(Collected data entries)
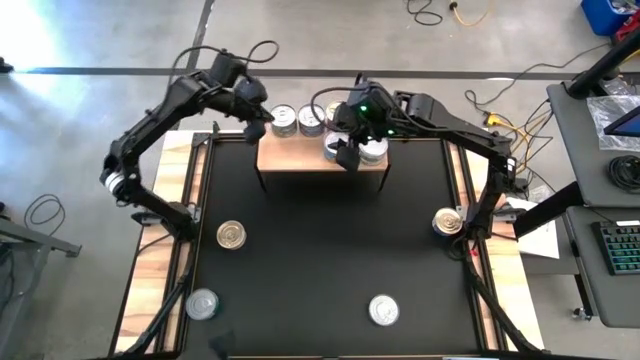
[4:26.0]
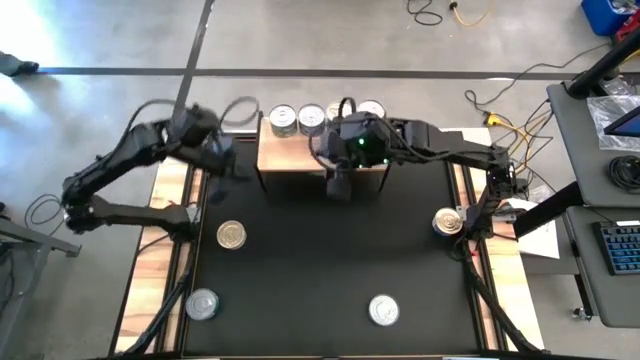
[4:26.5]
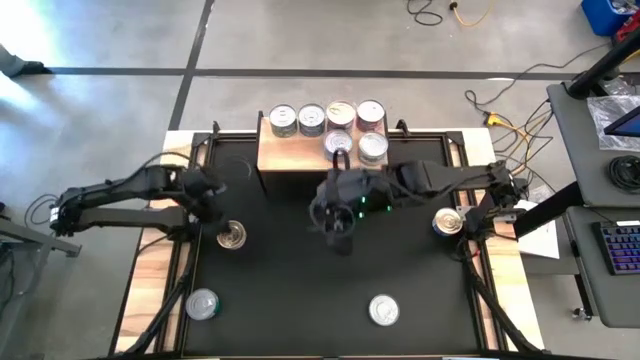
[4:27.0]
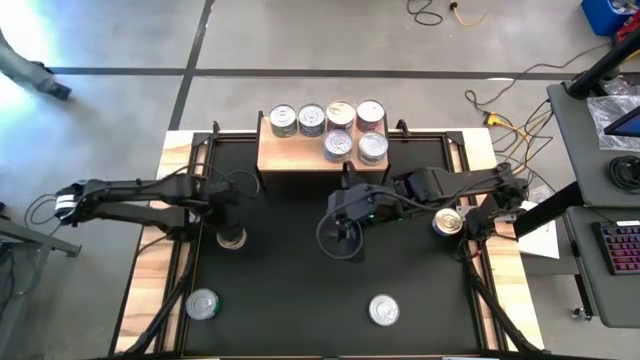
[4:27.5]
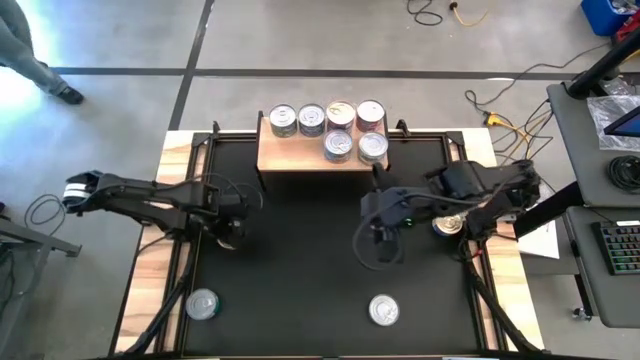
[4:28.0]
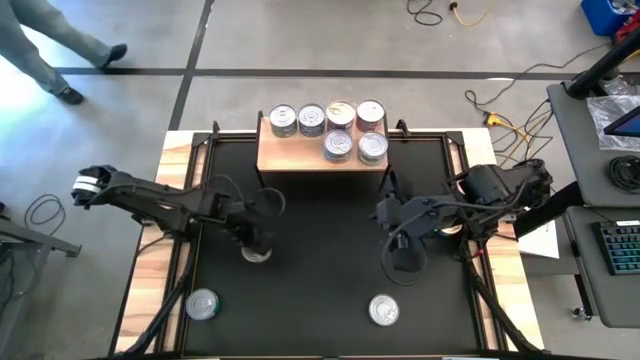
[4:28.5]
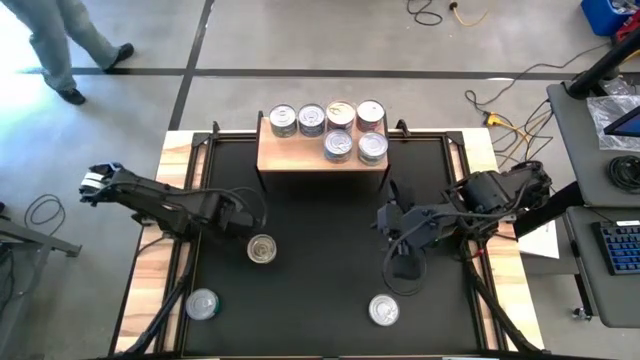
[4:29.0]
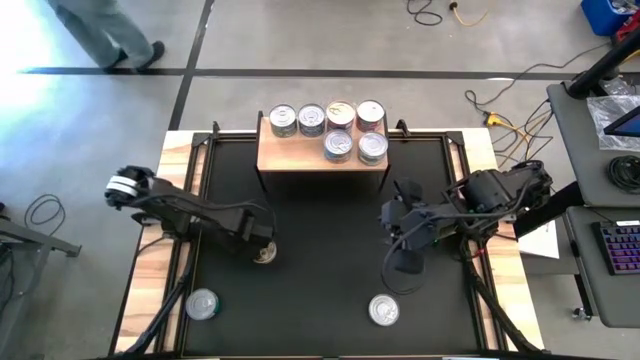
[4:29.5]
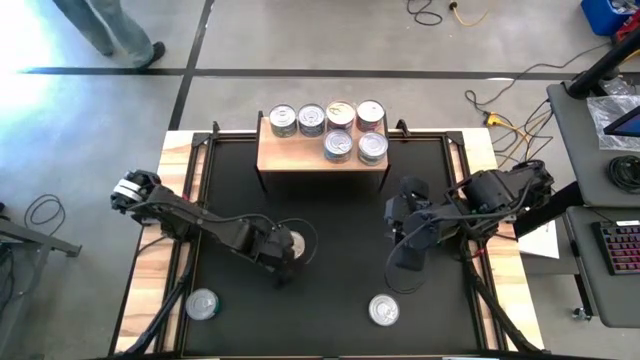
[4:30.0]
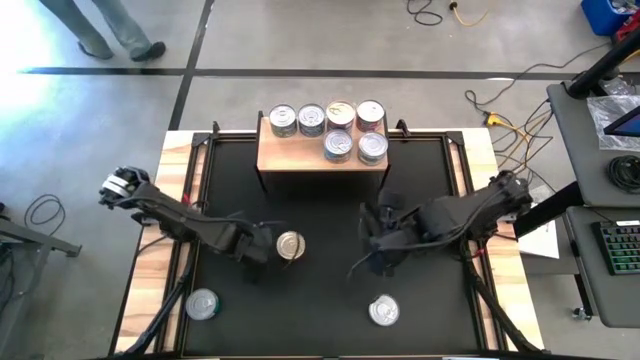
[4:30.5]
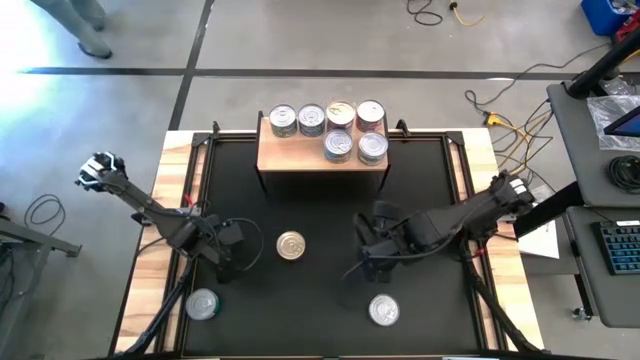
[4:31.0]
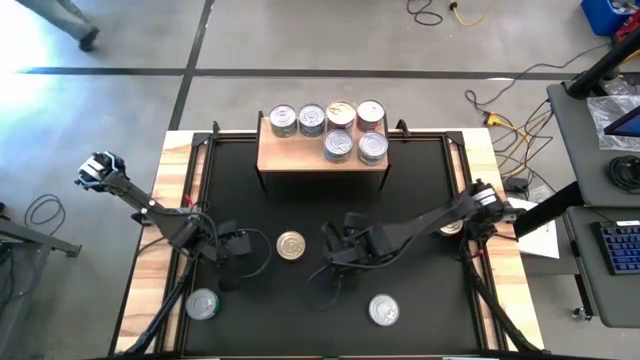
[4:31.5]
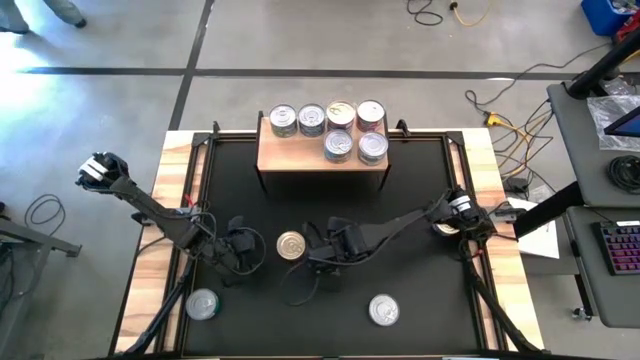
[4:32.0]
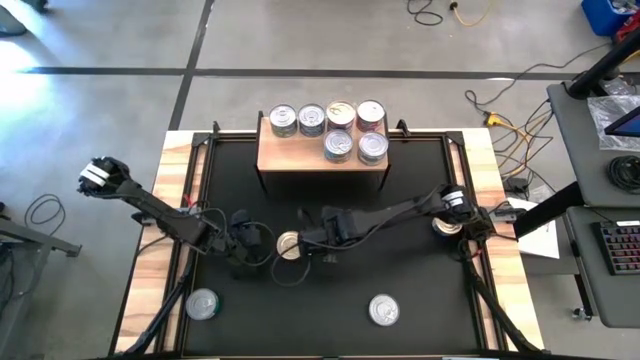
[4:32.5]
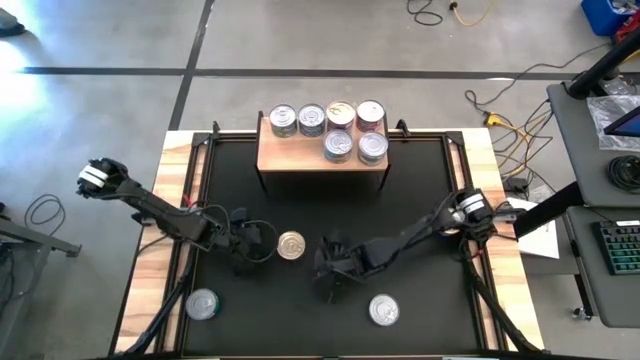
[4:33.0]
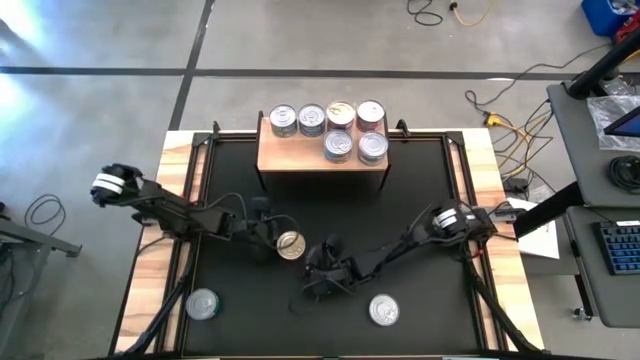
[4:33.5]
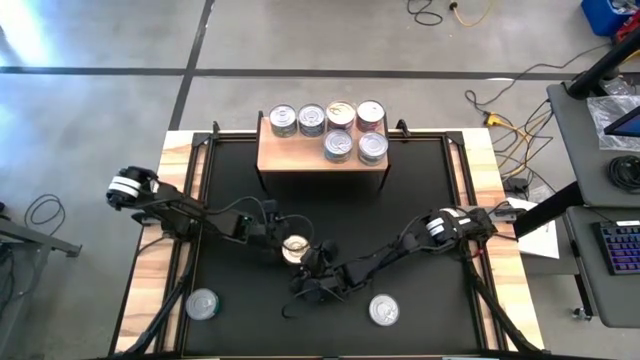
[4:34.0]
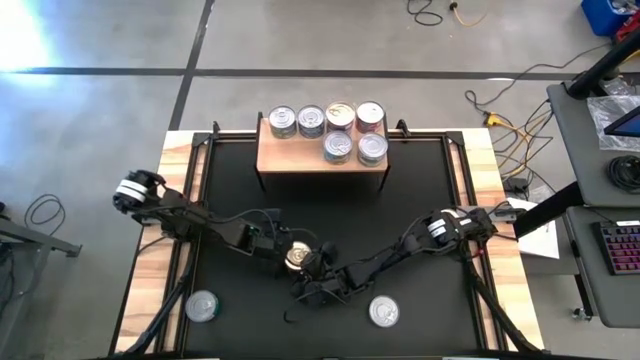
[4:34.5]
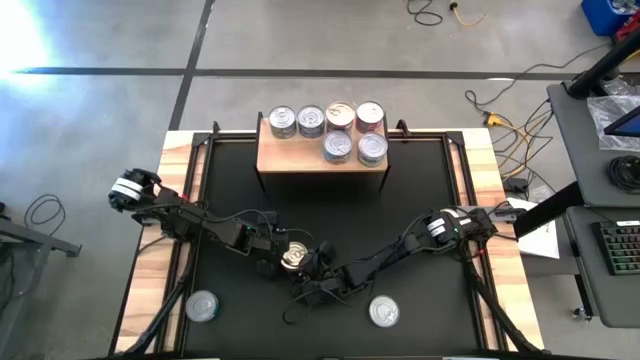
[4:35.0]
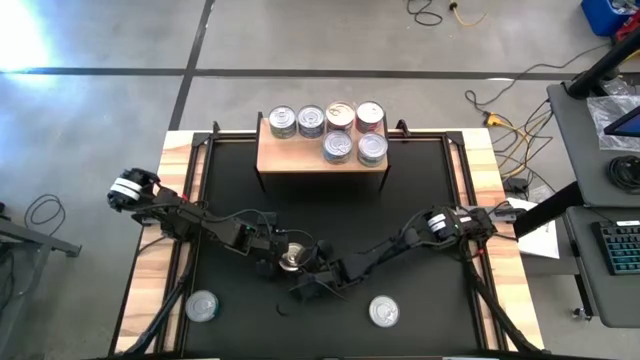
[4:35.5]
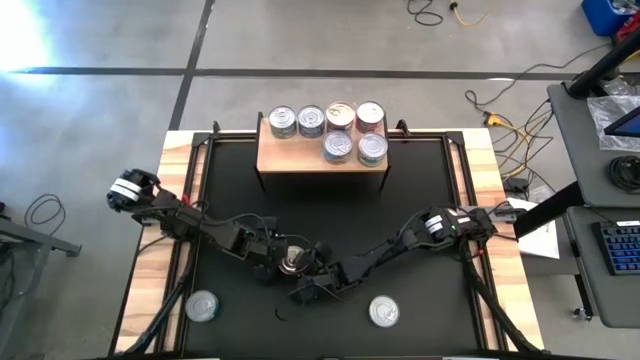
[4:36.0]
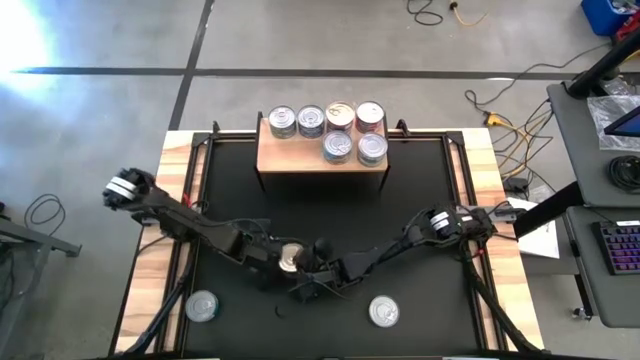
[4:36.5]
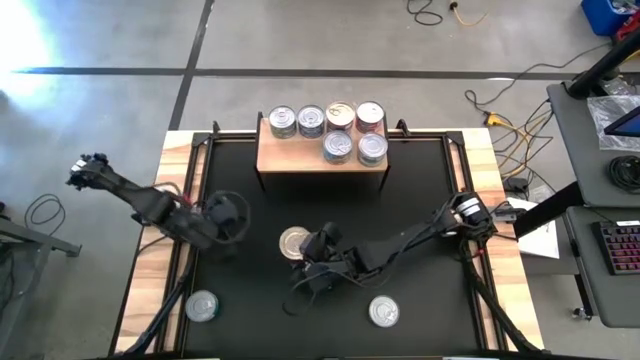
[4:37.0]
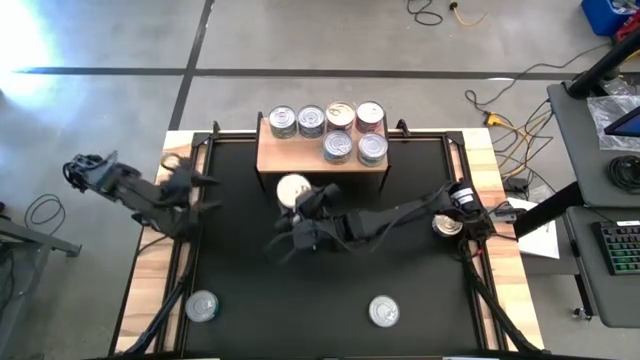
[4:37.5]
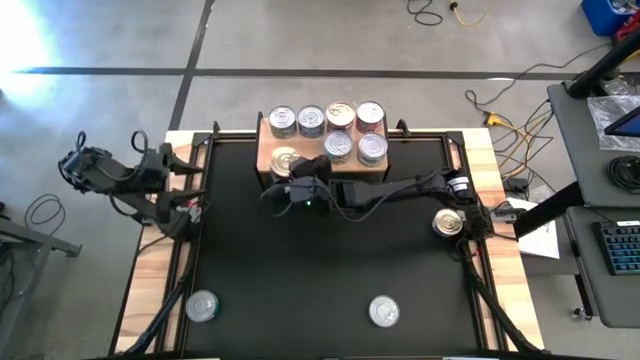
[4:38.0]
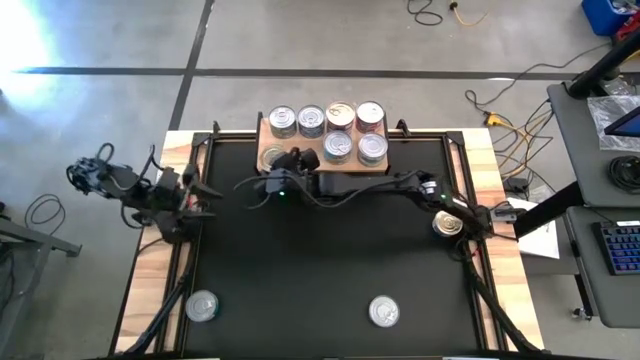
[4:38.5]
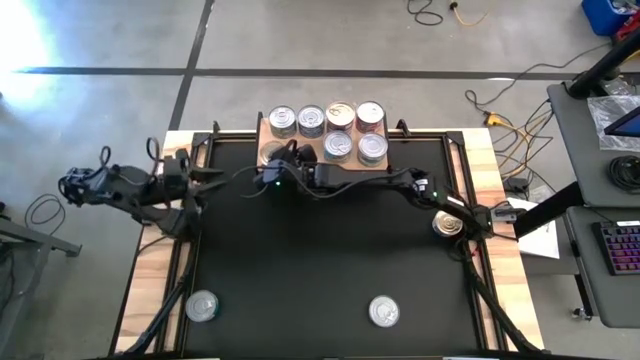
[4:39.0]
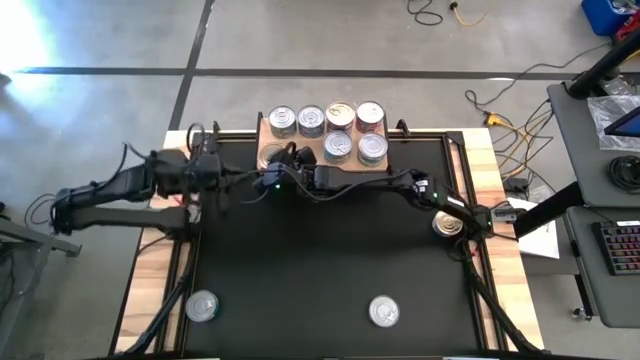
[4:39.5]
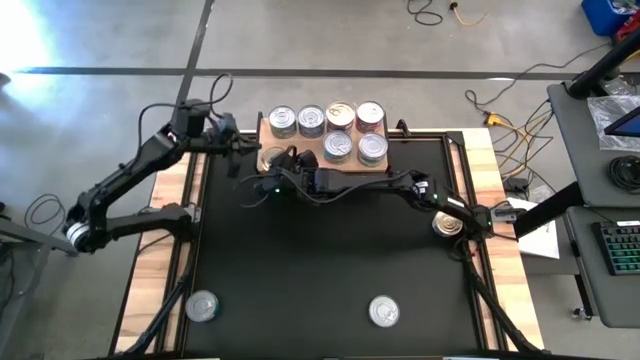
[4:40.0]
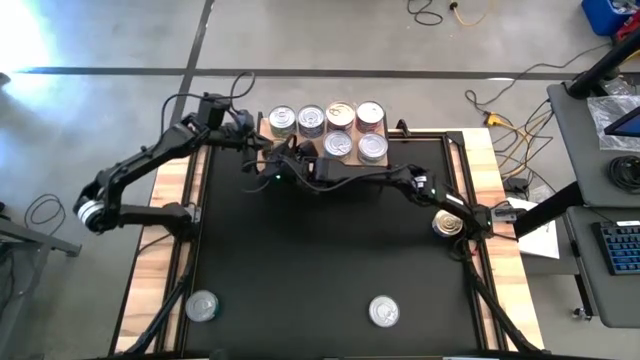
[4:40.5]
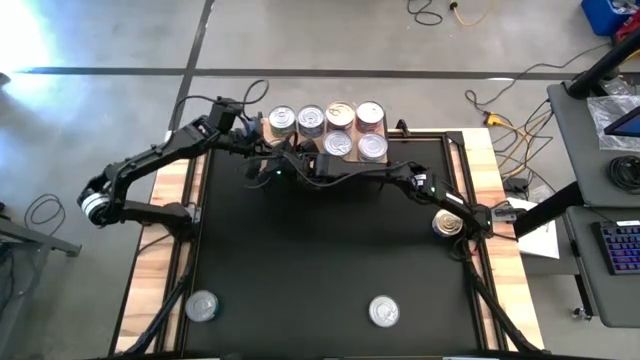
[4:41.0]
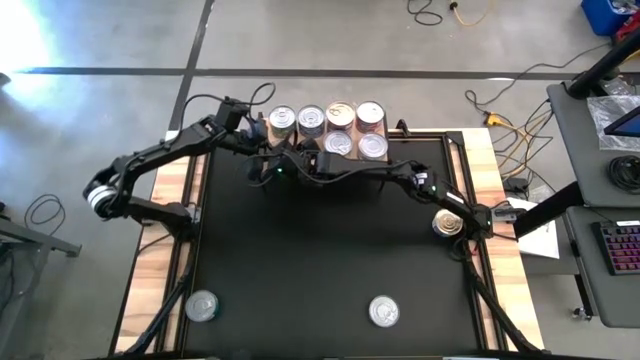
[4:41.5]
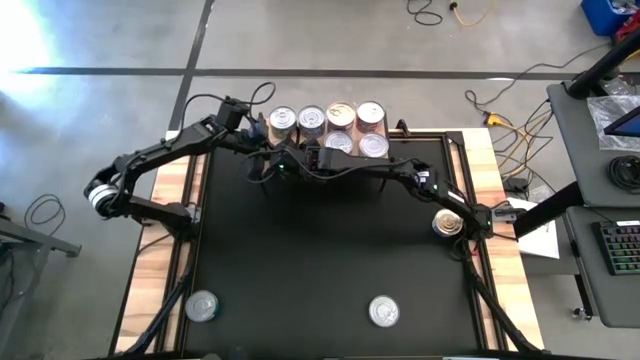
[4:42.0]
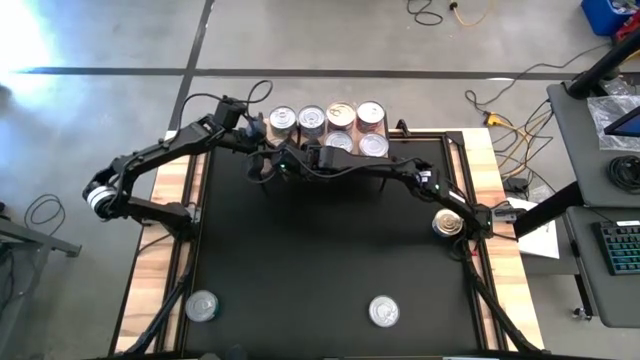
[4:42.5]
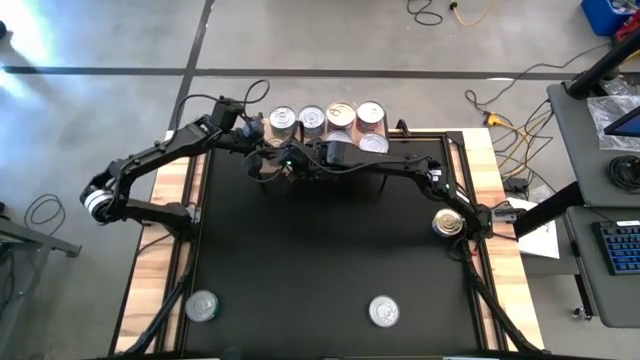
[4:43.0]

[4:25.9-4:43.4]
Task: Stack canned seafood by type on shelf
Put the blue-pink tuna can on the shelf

» **Task requirements**: Leaving out only the pictures, retype every record exactly.

» **Reply to the exercise**:
[4:26.0]
[4:26.5]
[4:27.0]
[4:27.5]
[4:28.0]
[4:28.5]
[4:29.0]
[4:29.5]
[4:30.0]
[4:30.5]
[4:31.0]
[4:31.5]
[4:32.0]
[4:32.5]
[4:33.0]
[4:33.5]
[4:34.0]
[4:34.5]
[4:35.0]
[4:35.5]
[4:36.0]
[4:36.5]
[4:37.0]
[4:37.5]
[4:38.0]
[4:38.5]
[4:39.0]
[4:39.5]
[4:40.0]
[4:40.5]
[4:41.0]
[4:41.5]
[4:42.0]
[4:42.5]
[4:43.0]

[4:25.9-4:43.4]
Task: Stack canned seafood by type on shelf
Put the blue-pink tuna can on the shelf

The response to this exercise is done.